## WHAT YOU SHOULD DO
When copying the data, keep every line exactly the same.

—————

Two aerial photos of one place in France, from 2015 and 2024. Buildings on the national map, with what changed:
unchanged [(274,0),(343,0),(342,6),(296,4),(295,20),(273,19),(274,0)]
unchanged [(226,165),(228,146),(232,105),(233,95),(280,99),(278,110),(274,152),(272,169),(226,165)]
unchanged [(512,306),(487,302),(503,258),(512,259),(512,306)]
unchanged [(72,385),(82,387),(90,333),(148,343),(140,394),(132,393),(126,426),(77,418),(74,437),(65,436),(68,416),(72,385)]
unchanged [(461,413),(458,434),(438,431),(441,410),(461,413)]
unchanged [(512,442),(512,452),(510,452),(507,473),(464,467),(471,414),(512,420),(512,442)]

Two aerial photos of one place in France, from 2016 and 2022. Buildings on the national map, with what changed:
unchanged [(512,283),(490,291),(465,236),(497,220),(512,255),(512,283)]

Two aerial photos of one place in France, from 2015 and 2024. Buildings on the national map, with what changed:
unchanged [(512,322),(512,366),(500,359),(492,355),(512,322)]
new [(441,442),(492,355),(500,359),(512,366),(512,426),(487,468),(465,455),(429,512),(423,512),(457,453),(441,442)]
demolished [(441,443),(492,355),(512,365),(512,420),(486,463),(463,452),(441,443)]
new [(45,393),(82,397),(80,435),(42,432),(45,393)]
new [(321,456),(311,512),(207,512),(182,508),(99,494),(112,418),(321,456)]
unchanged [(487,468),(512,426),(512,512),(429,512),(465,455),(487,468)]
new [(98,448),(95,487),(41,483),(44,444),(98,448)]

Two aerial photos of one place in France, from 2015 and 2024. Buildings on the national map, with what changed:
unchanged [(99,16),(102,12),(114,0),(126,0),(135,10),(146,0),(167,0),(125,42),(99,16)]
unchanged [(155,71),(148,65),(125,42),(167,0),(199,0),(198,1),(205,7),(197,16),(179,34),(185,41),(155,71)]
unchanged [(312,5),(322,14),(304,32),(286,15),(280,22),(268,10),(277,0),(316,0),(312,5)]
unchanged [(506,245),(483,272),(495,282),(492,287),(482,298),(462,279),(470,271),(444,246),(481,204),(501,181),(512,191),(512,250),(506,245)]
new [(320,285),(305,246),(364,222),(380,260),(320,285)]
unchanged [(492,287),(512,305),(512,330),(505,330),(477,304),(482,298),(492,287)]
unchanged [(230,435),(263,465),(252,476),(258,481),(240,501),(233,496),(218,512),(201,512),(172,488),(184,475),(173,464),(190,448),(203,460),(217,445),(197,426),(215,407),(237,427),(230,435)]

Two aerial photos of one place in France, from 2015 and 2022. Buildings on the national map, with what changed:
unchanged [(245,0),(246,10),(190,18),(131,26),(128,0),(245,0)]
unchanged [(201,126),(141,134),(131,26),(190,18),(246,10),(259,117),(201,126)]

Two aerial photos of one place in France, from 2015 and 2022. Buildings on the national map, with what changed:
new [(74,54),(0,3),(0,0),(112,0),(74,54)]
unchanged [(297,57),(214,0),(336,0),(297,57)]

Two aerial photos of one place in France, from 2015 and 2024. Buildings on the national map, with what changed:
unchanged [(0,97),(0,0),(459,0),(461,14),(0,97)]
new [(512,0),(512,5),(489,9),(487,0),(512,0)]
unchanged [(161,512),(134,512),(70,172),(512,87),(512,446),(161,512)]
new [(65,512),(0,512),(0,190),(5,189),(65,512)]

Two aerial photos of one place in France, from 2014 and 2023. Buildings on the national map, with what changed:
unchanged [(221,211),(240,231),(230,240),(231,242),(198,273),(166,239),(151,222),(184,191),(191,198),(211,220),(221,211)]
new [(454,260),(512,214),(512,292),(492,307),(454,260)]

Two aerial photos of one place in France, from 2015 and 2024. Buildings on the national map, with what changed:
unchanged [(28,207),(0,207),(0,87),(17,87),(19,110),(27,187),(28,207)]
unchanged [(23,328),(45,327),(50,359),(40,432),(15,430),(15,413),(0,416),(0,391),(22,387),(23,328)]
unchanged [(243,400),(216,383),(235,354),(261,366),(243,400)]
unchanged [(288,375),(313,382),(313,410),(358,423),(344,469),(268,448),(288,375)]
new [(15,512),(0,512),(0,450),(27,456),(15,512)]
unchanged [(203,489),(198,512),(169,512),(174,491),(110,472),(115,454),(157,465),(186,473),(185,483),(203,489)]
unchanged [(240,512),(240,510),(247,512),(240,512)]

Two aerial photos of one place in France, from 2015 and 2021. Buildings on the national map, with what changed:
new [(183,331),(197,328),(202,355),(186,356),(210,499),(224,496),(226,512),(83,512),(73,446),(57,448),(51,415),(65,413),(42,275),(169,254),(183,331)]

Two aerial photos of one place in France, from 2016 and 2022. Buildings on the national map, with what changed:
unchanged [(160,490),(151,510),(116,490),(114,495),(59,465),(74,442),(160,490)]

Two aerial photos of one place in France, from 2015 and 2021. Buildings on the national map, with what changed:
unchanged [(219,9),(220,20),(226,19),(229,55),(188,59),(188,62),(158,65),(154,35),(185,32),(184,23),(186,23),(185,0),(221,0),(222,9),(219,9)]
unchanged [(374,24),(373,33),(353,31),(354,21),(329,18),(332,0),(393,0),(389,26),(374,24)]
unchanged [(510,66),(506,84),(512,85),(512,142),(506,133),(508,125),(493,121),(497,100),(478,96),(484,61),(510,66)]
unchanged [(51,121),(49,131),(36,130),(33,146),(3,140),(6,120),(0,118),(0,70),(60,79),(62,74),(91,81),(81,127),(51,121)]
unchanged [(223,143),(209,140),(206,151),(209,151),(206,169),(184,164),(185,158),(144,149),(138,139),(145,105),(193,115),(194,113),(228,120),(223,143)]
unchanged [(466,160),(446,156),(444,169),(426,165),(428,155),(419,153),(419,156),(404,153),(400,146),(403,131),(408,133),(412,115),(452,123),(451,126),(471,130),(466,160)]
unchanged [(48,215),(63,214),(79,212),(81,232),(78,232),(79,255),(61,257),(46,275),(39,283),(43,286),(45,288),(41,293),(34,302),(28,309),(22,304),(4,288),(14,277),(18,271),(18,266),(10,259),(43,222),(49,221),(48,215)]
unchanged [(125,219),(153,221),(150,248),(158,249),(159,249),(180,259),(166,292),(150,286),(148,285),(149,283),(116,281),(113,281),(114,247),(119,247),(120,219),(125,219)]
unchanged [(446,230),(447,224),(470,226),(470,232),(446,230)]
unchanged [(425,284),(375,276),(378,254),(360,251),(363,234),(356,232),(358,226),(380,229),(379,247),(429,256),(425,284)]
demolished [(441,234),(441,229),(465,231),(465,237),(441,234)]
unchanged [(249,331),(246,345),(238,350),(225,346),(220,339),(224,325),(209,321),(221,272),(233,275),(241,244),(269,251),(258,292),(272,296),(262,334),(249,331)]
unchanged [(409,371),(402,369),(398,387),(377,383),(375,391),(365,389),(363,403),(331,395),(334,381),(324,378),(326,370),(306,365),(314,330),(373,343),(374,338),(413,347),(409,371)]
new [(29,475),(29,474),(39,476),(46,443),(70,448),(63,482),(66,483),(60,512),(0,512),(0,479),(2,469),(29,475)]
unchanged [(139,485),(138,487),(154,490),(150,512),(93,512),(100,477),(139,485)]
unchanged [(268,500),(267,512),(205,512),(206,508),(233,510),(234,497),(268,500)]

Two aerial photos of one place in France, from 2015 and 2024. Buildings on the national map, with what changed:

—————

## EXERCISE OUTPUT
Two aerial photos of one place in France, from 2015 and 2024. Buildings on the national map, with what changed:
unchanged [(274,0),(343,0),(342,6),(296,4),(295,20),(273,19),(274,0)]
unchanged [(226,165),(228,146),(232,105),(233,95),(280,99),(278,110),(274,152),(272,169),(226,165)]
unchanged [(512,306),(487,302),(503,258),(512,259),(512,306)]
unchanged [(72,385),(82,387),(90,333),(148,343),(140,394),(132,393),(126,426),(77,418),(74,437),(65,436),(68,416),(72,385)]
unchanged [(461,413),(458,434),(438,431),(441,410),(461,413)]
unchanged [(512,442),(512,452),(510,452),(507,473),(464,467),(471,414),(512,420),(512,442)]

Two aerial photos of one place in France, from 2016 and 2022. Buildings on the national map, with what changed:
unchanged [(512,283),(490,291),(465,236),(497,220),(512,255),(512,283)]

Two aerial photos of one place in France, from 2015 and 2024. Buildings on the national map, with what changed:
unchanged [(512,322),(512,366),(500,359),(492,355),(512,322)]
new [(441,442),(492,355),(500,359),(512,366),(512,426),(487,468),(465,455),(429,512),(423,512),(457,453),(441,442)]
demolished [(441,443),(492,355),(512,365),(512,420),(486,463),(463,452),(441,443)]
new [(45,393),(82,397),(80,435),(42,432),(45,393)]
new [(321,456),(311,512),(207,512),(182,508),(99,494),(112,418),(321,456)]
unchanged [(487,468),(512,426),(512,512),(429,512),(465,455),(487,468)]
new [(98,448),(95,487),(41,483),(44,444),(98,448)]

Two aerial photos of one place in France, from 2015 and 2024. Buildings on the national map, with what changed:
unchanged [(99,16),(102,12),(114,0),(126,0),(135,10),(146,0),(167,0),(125,42),(99,16)]
unchanged [(155,71),(148,65),(125,42),(167,0),(199,0),(198,1),(205,7),(197,16),(179,34),(185,41),(155,71)]
unchanged [(312,5),(322,14),(304,32),(286,15),(280,22),(268,10),(277,0),(316,0),(312,5)]
unchanged [(506,245),(483,272),(495,282),(492,287),(482,298),(462,279),(470,271),(444,246),(481,204),(501,181),(512,191),(512,250),(506,245)]
new [(320,285),(305,246),(364,222),(380,260),(320,285)]
unchanged [(492,287),(512,305),(512,330),(505,330),(477,304),(482,298),(492,287)]
unchanged [(230,435),(263,465),(252,476),(258,481),(240,501),(233,496),(218,512),(201,512),(172,488),(184,475),(173,464),(190,448),(203,460),(217,445),(197,426),(215,407),(237,427),(230,435)]

Two aerial photos of one place in France, from 2015 and 2022. Buildings on the national map, with what changed:
unchanged [(245,0),(246,10),(190,18),(131,26),(128,0),(245,0)]
unchanged [(201,126),(141,134),(131,26),(190,18),(246,10),(259,117),(201,126)]

Two aerial photos of one place in France, from 2015 and 2022. Buildings on the national map, with what changed:
new [(74,54),(0,3),(0,0),(112,0),(74,54)]
unchanged [(297,57),(214,0),(336,0),(297,57)]

Two aerial photos of one place in France, from 2015 and 2024. Buildings on the national map, with what changed:
unchanged [(0,97),(0,0),(459,0),(461,14),(0,97)]
new [(512,0),(512,5),(489,9),(487,0),(512,0)]
unchanged [(161,512),(134,512),(70,172),(512,87),(512,446),(161,512)]
new [(65,512),(0,512),(0,190),(5,189),(65,512)]

Two aerial photos of one place in France, from 2014 and 2023. Buildings on the national map, with what changed:
unchanged [(221,211),(240,231),(230,240),(231,242),(198,273),(166,239),(151,222),(184,191),(191,198),(211,220),(221,211)]
new [(454,260),(512,214),(512,292),(492,307),(454,260)]

Two aerial photos of one place in France, from 2015 and 2024. Buildings on the national map, with what changed:
unchanged [(28,207),(0,207),(0,87),(17,87),(19,110),(27,187),(28,207)]
unchanged [(23,328),(45,327),(50,359),(40,432),(15,430),(15,413),(0,416),(0,391),(22,387),(23,328)]
unchanged [(243,400),(216,383),(235,354),(261,366),(243,400)]
unchanged [(288,375),(313,382),(313,410),(358,423),(344,469),(268,448),(288,375)]
new [(15,512),(0,512),(0,450),(27,456),(15,512)]
unchanged [(203,489),(198,512),(169,512),(174,491),(110,472),(115,454),(157,465),(186,473),(185,483),(203,489)]
unchanged [(240,512),(240,510),(247,512),(240,512)]

Two aerial photos of one place in France, from 2015 and 2021. Buildings on the national map, with what changed:
new [(183,331),(197,328),(202,355),(186,356),(210,499),(224,496),(226,512),(83,512),(73,446),(57,448),(51,415),(65,413),(42,275),(169,254),(183,331)]

Two aerial photos of one place in France, from 2016 and 2022. Buildings on the national map, with what changed:
unchanged [(160,490),(151,510),(116,490),(114,495),(59,465),(74,442),(160,490)]

Two aerial photos of one place in France, from 2015 and 2021. Buildings on the national map, with what changed:
unchanged [(219,9),(220,20),(226,19),(229,55),(188,59),(188,62),(158,65),(154,35),(185,32),(184,23),(186,23),(185,0),(221,0),(222,9),(219,9)]
unchanged [(374,24),(373,33),(353,31),(354,21),(329,18),(332,0),(393,0),(389,26),(374,24)]
unchanged [(510,66),(506,84),(512,85),(512,142),(506,133),(508,125),(493,121),(497,100),(478,96),(484,61),(510,66)]
unchanged [(51,121),(49,131),(36,130),(33,146),(3,140),(6,120),(0,118),(0,70),(60,79),(62,74),(91,81),(81,127),(51,121)]
unchanged [(223,143),(209,140),(206,151),(209,151),(206,169),(184,164),(185,158),(144,149),(138,139),(145,105),(193,115),(194,113),(228,120),(223,143)]
unchanged [(466,160),(446,156),(444,169),(426,165),(428,155),(419,153),(419,156),(404,153),(400,146),(403,131),(408,133),(412,115),(452,123),(451,126),(471,130),(466,160)]
unchanged [(48,215),(63,214),(79,212),(81,232),(78,232),(79,255),(61,257),(46,275),(39,283),(43,286),(45,288),(41,293),(34,302),(28,309),(22,304),(4,288),(14,277),(18,271),(18,266),(10,259),(43,222),(49,221),(48,215)]
unchanged [(125,219),(153,221),(150,248),(158,249),(159,249),(180,259),(166,292),(150,286),(148,285),(149,283),(116,281),(113,281),(114,247),(119,247),(120,219),(125,219)]
unchanged [(446,230),(447,224),(470,226),(470,232),(446,230)]
unchanged [(425,284),(375,276),(378,254),(360,251),(363,234),(356,232),(358,226),(380,229),(379,247),(429,256),(425,284)]
demolished [(441,234),(441,229),(465,231),(465,237),(441,234)]
unchanged [(249,331),(246,345),(238,350),(225,346),(220,339),(224,325),(209,321),(221,272),(233,275),(241,244),(269,251),(258,292),(272,296),(262,334),(249,331)]
unchanged [(409,371),(402,369),(398,387),(377,383),(375,391),(365,389),(363,403),(331,395),(334,381),(324,378),(326,370),(306,365),(314,330),(373,343),(374,338),(413,347),(409,371)]
new [(29,475),(29,474),(39,476),(46,443),(70,448),(63,482),(66,483),(60,512),(0,512),(0,479),(2,469),(29,475)]
unchanged [(139,485),(138,487),(154,490),(150,512),(93,512),(100,477),(139,485)]
unchanged [(268,500),(267,512),(205,512),(206,508),(233,510),(234,497),(268,500)]

Two aerial photos of one place in France, from 2015 and 2024. Buildings on the national map, with what changed:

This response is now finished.